4.1 Run an End-to-End Test and Generate Several Messages

Now we are ready to test out our Azure Service Bus Scaling Rule. To produce a high volume of messages, you can utilize the Service Bus Explorer located within your Azure Service Bus namespace. Navigate to Azure Service Bus, choose your topic/subscription, and then select the Service Bus Explorer option. To get the number of current replicas of service tasksmanager-backend-processor we could run the command below, this should run single replica as we didn't load the service bus topic yet.

1
2
3
4
az containerapp replica list `
--name $BACKEND_SERVICE_NAME `
--resource-group $RESOURCE_GROUP `
--query [].name

The message structure our backend processor expects is similar to the JSON shown below. So copy this message and click on Send messages button, paste the message content, set the content type to application/json, check the Repeat Send check box, select 10000 messages and put an interval of 1ms between them. This ensures that we are sending high volume at short intervals, so that the single replica container app cannot absorb and process quickly enough and will consequently need to scale out. Finally click Send when you are ready.

{
    "data": {
        "isCompleted": false,
        "isOverDue": true,
        "taskAssignedTo": "temp@mail.com",
        "taskCreatedBy": "someone@mail.com",
        "taskCreatedOn": "2022-08-18T12:45:22.0984036Z",
        "taskDueDate": "2023-02-24T12:45:22.0983978Z",
        "taskId": "6a051aeb-f567-40dd-a434-39927f2b93c5",
        "taskName": "Auto scale Task"
    }
}

svcbus-send

4.2 Verify that Multiple Replicas Are Created

Success

If all is setup correctly, five replicas will be created based on the number of messages we generated into the topic. There are various ways to verify this:

  • You can run the Azure CLI command used in previous step to list the names of replicas.
  • You can verify this from Container Apps Console tab where you will see those replicas in the drop-down list replica-console

Note

Note About KEDA Scale In: Container Apps implements the KEDA ScaledObject with the following default settings:

  • pollingInterval: 30 seconds. This is the interval to check each trigger on. By default, KEDA will check each trigger source on every ScaledObject every 30 seconds.
  • cooldownPeriod: 300 seconds. The period to wait after the last trigger is reported active before scaling in the resource back to 0. By default, it's 5 minutes (300 seconds). Currently, there is no way to override this value, yet there is an open issue on the Container Apps repo and the PG is tracking it as 5 minutes might be a long period to wait for instances to be scaled in after they finish processing messages.
  • Execute the Set-Variables.ps1 in the root to update the variables.ps1 file with all current variables. The output of the script will inform you how many variables are written out.

    .\Set-Variables.ps1
    
  • From the root, persist a list of all current variables.

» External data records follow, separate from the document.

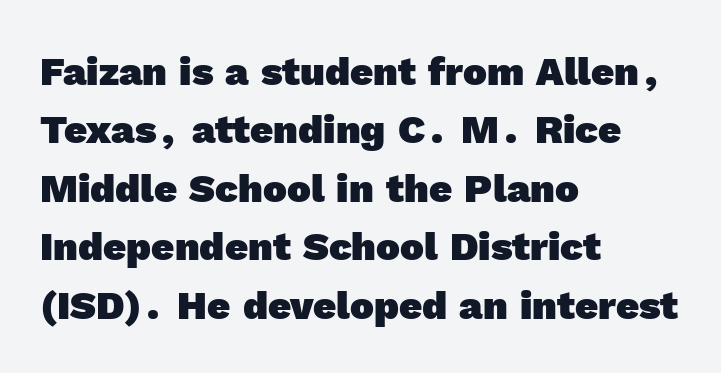
{"serif": "no", "bold": "yes", "weight": "heavy", "width": "normal", "x_height": "medium", "monospaced": "no", "underline": "no", "align": "left", "line_spacing": "normal", "line_spacing_ratio": 1.46, "letter_spacing": "normal", "letter_spacing_em": 0.0, "glyph_px": 40}
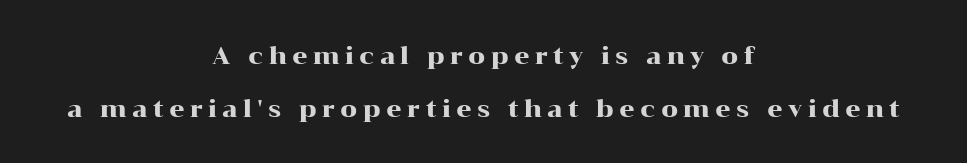
The image shows 24 px text type, upright; set centered, loose line spacing (2.22x), unusually wide letter spacing (+0.22 em), not underlined.
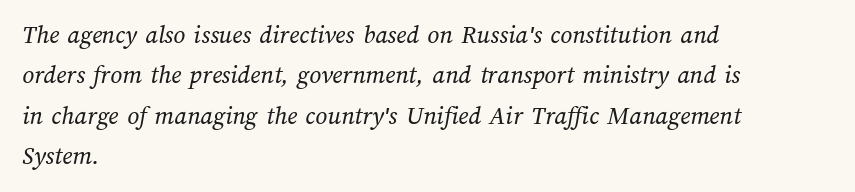
Q: Is the text bold? A: No.
Q: Is the text underlined? A: No.
Q: How is the paragraph aligned? A: Left-aligned.
Q: Is the spacing between letters normal or unusually wide? A: Normal.
Q: Is the spacing between lines tight, normal or loose? A: Normal.
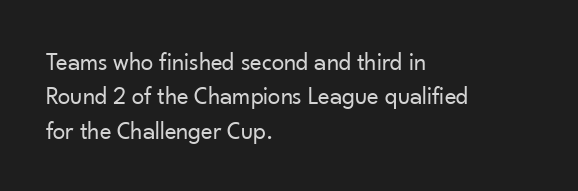
The image shows 25 px text type, upright; set left-aligned, normal line spacing (1.38x), normal letter spacing, not underlined.
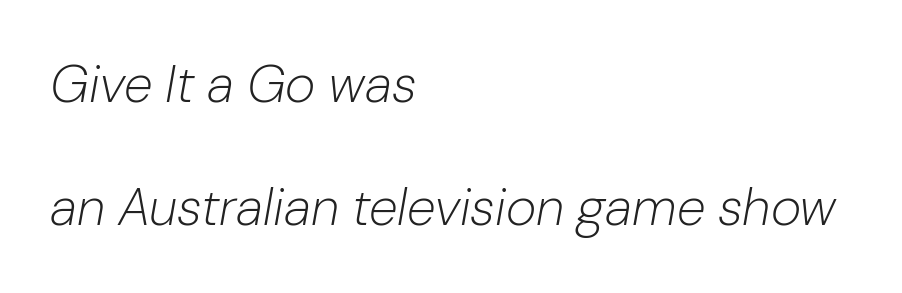
The passage shown is not underscored anywhere. This is oblique type, the kind used for emphasis or titles. One-word summary of the alignment: left. The passage shown is typed in a proportional face where columns would drift. If you measured baseline to baseline, you'd find a long distance.
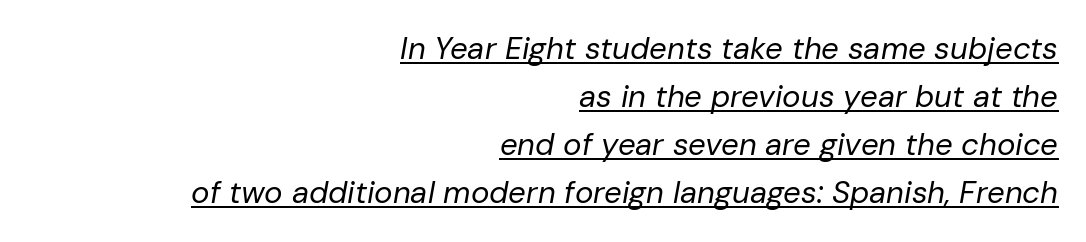
Each new line begins a customary step beneath the previous one. Every character sits at an angle, as italics do. Is the letter spacing exaggerated? No — it looks like the ordinary default. All the whitespace from short lines collects on the left. Underlining? Definitely there.
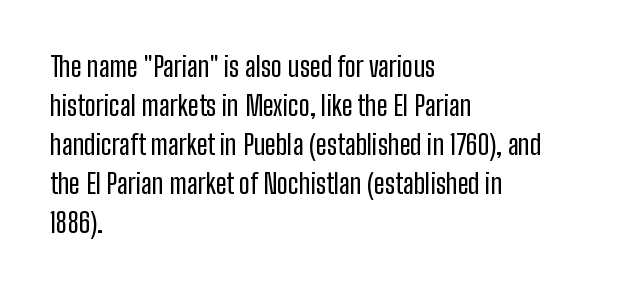
{"italic": "no", "underline": "no", "align": "left", "line_spacing": "normal", "line_spacing_ratio": 1.44, "letter_spacing": "normal", "letter_spacing_em": 0.0, "glyph_px": 27}
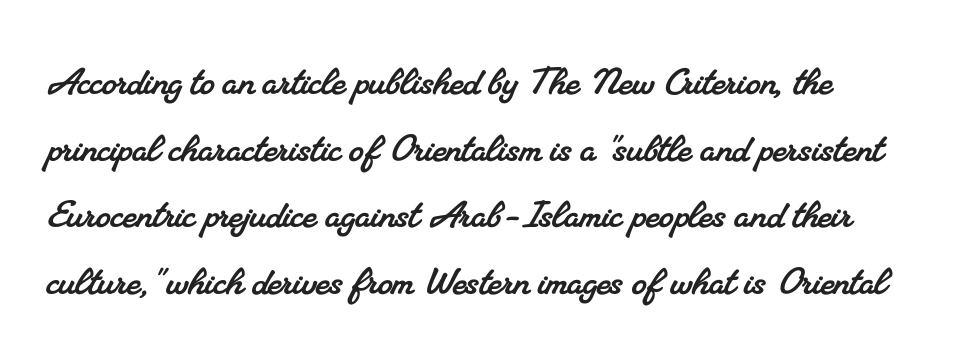
Q: Is the typeface a serif or a sans-serif typeface? A: Serif.
Q: Is the text underlined? A: No.
Q: How is the paragraph aligned? A: Left-aligned.
Q: Is the spacing between letters normal or unusually wide? A: Normal.
Q: Is the spacing between lines tight, normal or loose? A: Normal.
Q: Width (condensed, normal, or wide)? A: Normal.
Q: Stroke contrast? A: Medium.
Q: x-height? A: Small.
Q: Monospaced? A: No.
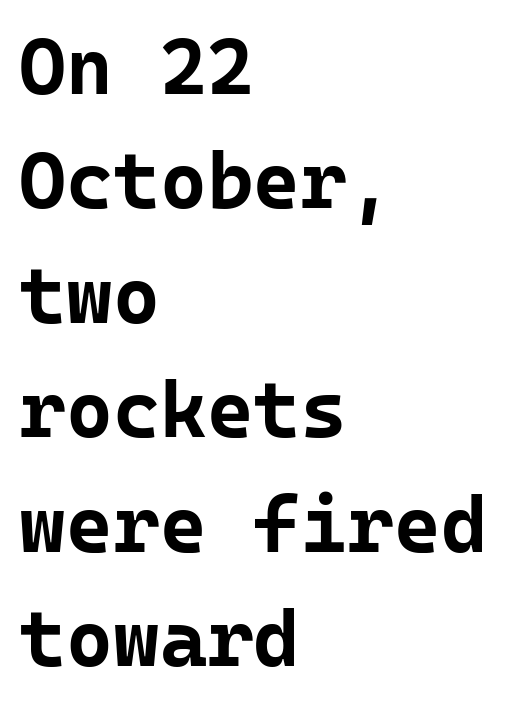
{"serif": "no", "italic": "no", "bold": "yes", "weight": "bold", "width": "normal", "stroke_contrast": "low", "x_height": "medium", "monospaced": "yes", "underline": "no", "align": "left", "line_spacing": "normal", "line_spacing_ratio": 1.43, "letter_spacing": "normal", "letter_spacing_em": 0.0, "glyph_px": 80}
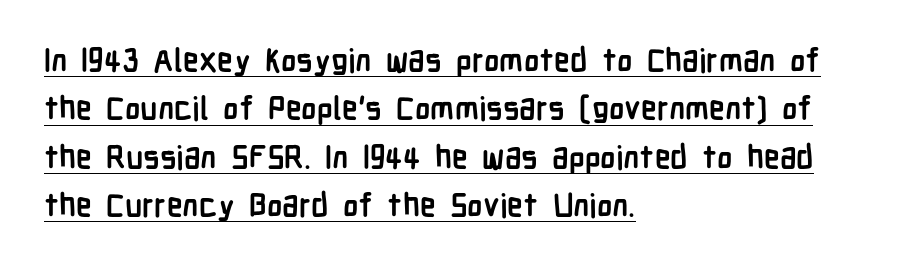
The image shows 32 px semibold, condensed sans-serif type, upright; set left-aligned, normal line spacing (1.51x), normal letter spacing, underlined; low stroke contrast and a medium x-height.
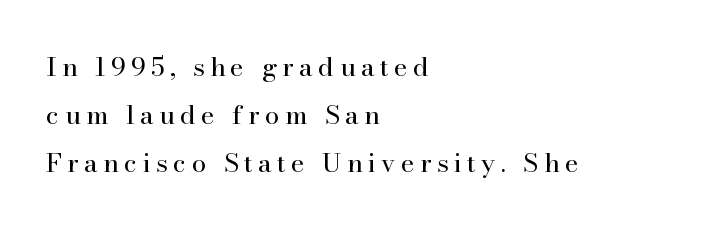
The image shows 26 px text type, upright; set left-aligned, line spacing 1.84x, unusually wide letter spacing (+0.21 em), not underlined.
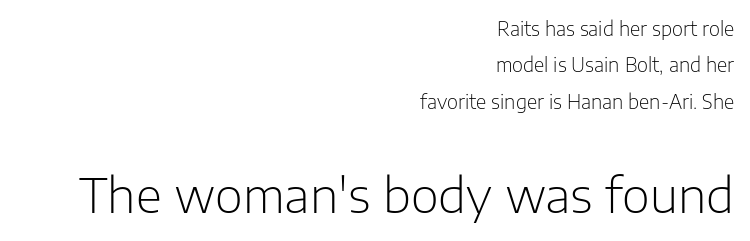
The image shows 48 px light sans-serif type, upright; set right-aligned, loose line spacing (1.91x), normal letter spacing, not underlined; the second (bottom) block is 2.53x larger; low stroke contrast and a medium x-height.
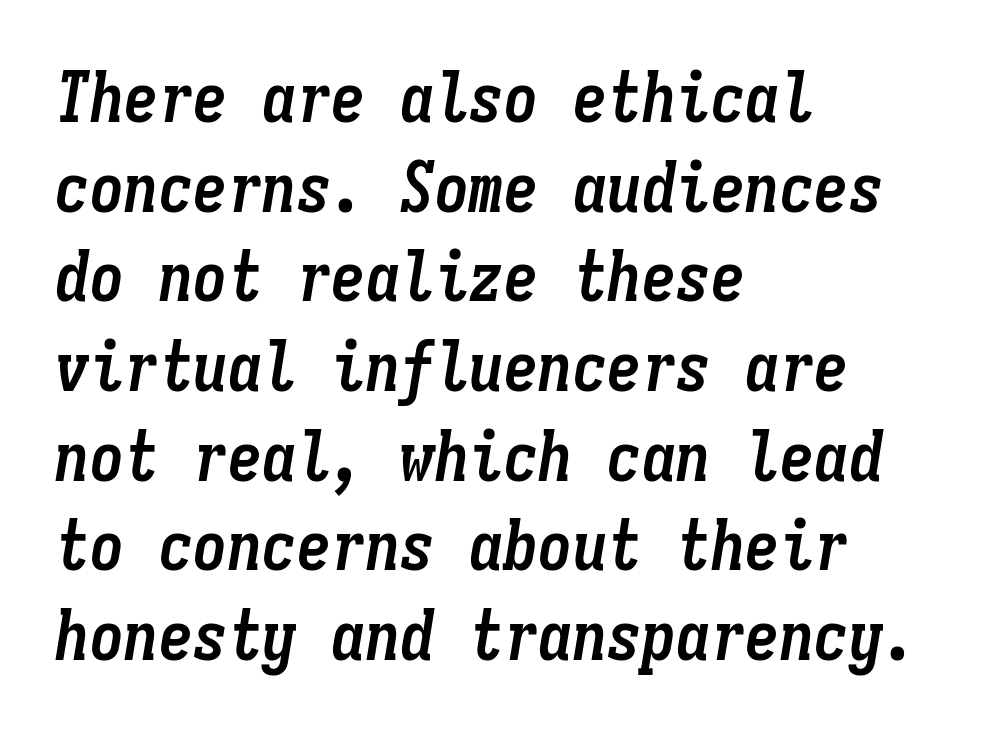
The image shows 69 px semibold, condensed type, italic (leaning right), monospaced; set left-aligned, normal line spacing (1.3x), normal letter spacing, not underlined; low stroke contrast and a medium x-height.
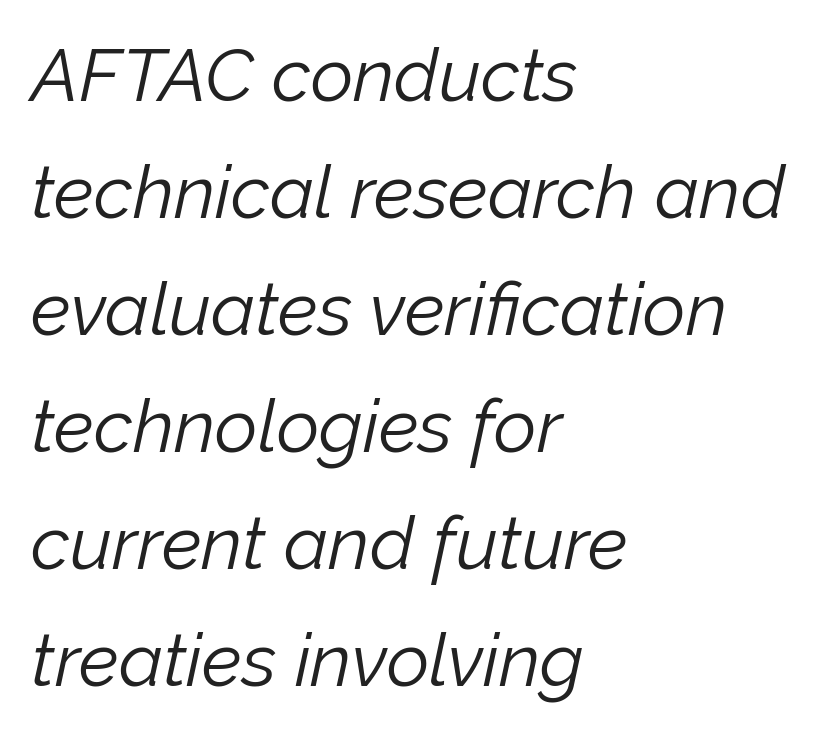
{"italic": "yes", "lean": "right", "slant_degrees": 12, "bold": "no", "weight": "light", "width": "normal", "stroke_contrast": "low", "x_height": "medium", "monospaced": "no", "underline": "no", "align": "left", "line_spacing": "normal", "line_spacing_ratio": 1.58, "letter_spacing": "normal", "letter_spacing_em": 0.0, "glyph_px": 74}

    git add .\Variables.ps1
    git commit -m "Update Variables.ps1"
    

Review

In this module, we accomplished four objectives:

  1. Understood Azure Container Apps Scaling Behaviors.
  2. Learned about the Kubernetes Event-Driven Autoscaler (KEDA).
  3. Created a scaling rule for the Backend Background Processor project.
  4. Tested scaling of the Backend Background Processor.